I’m looking for low-cost or free alternatives, ideally something like Whisper AI. I noticed that Hugging Face hosts Whisper models, and I tried to use them within n8n but couldn’t get it to work properly — either due to authentication issues or input size limits.
Does anyone here have experience with:
- Running Whisper AI (via Hugging Face or another service) inside n8n?
- Efficiently transcribing large files (over 100MB)?
- Any tips for hosting Whisper locally or using an API that integrates well with n8n?
My ideal setup would:
- Keep costs minimal
- Handle large file sizes
- Work smoothly with n8n’s workflow logic
Any working examples, custom node tips, or general guidance would be greatly appreciated!
Thanks in advance 
1 Like
Hey! 
Had this exact problem — large video file that just wouldn’t compress enough for Whisper.
The real issue is Whisper’s 25MB limit forces you into this messy chain of converting, compressing, splitting, and stitching — and it still breaks on bigger files.
What fixed it for me was using a transcription API that takes the video URL directly. No downloading, no compression, no splitting at all. It processes the full video server-side and returns a clean transcript with speaker labels and timestamps.
Docs here: https://wayin.ai/api-docs/video-transcription/
Happy to share the simple n8n workflow JSON if it helps!
4 Likes
trying to split a 100mb+ audio file into 25mb chunks inside n8n is a one-way ticket to out-of-memory crashes. the guy above has the right idea about using URLs, but you don’t need an expensive custom api for it.

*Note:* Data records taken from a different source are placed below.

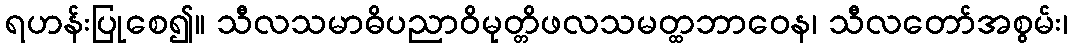
ရဟန်းပြုစေ၍။ သီလသမာဓိပညာဝိမုတ္တိဖလသမတ္ထဘာဝေန၊ သီလတော်အစွမ်း၊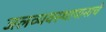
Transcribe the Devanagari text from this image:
जलव्यवस्थापानाचे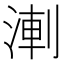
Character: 𭱆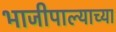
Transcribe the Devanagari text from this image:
भाजीपाल्याच्या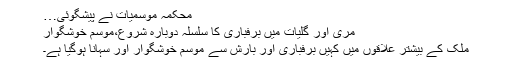
محکمہ موسميات نے پیشگوئی…
مری اور گليات ميں برفباری کا سلسلہ دوبارہ شروع،موسم خوشگوار
ملک کے بیشتر علاقوں میں کہیں برفباری اور بارش سے موسم خوشگوار اور سہانا ہوگیا ہے۔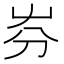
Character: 㞣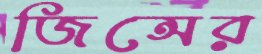
জিন্সের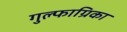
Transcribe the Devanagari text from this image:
गुल्फाग्रिका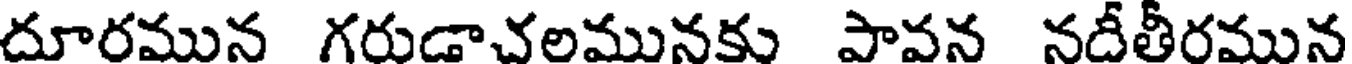
దూరమున గరుడాచలమునకు పావన నదీతీరమున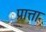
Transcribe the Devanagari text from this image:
प्रात्ता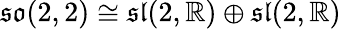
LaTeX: {\mathfrak{so}}(2,2)\cong{\mathfrak{sl}}(2,\mathbb{R})\oplus{\mathfrak{sl}}(2,\mathbb{R})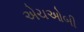
એચઓબી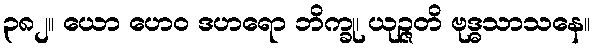
၃၈၂။ ယော ဟေဝ ဒဟရော ဘိက္ခု၊ ယုဉ္ဇတိ ဗုဒ္ဓသာသနေ။

the standard backend pattern for this is to stop passing massive binary payloads through n8n completely. just have n8n upload the raw file to a cheap bucket (like cloudflare r2 or aws s3), generate a temporary pre-signed url, and pass that url to a serverless gpu provider like replicate or fal.ai.
they host the exact same open-source whisper-large-v3 models, they accept direct urls to bypass standard file size limits, and you only pay for the literal seconds of gpu compute time (usually pennies per hour of audio). n8n just waits for the webhook back when the transcription is done.